(Source records)
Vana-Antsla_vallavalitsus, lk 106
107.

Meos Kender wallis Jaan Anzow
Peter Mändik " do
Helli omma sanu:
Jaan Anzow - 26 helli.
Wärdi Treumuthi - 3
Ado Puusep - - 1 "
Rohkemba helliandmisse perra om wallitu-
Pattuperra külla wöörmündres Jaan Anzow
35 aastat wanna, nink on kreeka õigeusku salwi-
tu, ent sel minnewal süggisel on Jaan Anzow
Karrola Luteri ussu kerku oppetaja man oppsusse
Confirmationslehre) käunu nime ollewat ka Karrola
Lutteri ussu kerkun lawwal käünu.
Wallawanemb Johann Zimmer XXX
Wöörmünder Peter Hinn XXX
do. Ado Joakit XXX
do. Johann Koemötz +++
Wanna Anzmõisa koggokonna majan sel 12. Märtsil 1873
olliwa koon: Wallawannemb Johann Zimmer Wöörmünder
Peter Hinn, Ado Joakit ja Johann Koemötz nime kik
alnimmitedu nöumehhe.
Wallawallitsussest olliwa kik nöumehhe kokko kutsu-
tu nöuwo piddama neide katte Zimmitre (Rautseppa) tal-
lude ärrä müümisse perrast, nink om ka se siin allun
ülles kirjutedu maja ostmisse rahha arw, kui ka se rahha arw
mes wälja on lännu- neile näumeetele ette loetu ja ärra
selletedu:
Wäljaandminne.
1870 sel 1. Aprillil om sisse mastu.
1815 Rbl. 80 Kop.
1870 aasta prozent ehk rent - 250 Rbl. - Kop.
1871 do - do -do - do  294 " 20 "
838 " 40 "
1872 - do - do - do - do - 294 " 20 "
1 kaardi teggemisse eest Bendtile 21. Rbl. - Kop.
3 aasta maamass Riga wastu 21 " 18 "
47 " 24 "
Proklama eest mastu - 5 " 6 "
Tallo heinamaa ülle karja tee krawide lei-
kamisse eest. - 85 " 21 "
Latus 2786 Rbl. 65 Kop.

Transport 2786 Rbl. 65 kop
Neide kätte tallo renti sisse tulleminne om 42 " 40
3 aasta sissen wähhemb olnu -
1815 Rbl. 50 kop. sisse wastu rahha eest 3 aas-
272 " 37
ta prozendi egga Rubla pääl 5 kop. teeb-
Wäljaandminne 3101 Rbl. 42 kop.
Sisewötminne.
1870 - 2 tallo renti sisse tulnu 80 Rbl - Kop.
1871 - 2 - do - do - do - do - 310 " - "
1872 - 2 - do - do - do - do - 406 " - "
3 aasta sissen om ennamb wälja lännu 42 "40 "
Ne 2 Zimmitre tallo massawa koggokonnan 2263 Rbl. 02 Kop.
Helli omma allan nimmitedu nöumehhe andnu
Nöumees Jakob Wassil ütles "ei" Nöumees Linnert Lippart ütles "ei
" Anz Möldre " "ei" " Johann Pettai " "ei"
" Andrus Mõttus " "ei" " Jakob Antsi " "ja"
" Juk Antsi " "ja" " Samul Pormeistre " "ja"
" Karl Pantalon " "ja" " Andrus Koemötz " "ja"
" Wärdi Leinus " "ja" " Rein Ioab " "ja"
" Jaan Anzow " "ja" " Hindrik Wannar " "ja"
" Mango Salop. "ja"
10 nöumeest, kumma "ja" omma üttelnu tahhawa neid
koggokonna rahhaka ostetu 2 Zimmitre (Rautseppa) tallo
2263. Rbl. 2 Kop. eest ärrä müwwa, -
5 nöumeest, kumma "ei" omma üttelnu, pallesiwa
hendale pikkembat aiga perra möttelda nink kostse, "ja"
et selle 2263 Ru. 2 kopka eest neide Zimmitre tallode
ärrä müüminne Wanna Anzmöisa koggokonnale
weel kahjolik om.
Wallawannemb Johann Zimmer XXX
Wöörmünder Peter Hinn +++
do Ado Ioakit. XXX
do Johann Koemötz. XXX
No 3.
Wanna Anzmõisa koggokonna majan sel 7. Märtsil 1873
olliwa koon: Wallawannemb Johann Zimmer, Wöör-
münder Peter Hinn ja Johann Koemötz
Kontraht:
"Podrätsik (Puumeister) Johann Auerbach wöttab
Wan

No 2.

**EXERCISE DETAILS**
Wherever a line of the data holds "Wärdi", copy that line.

**WRITTEN REPLY**
Wärdi Treumuthi - 3
" Wärdi Leinus " "ja" " Rein Ioab " "ja"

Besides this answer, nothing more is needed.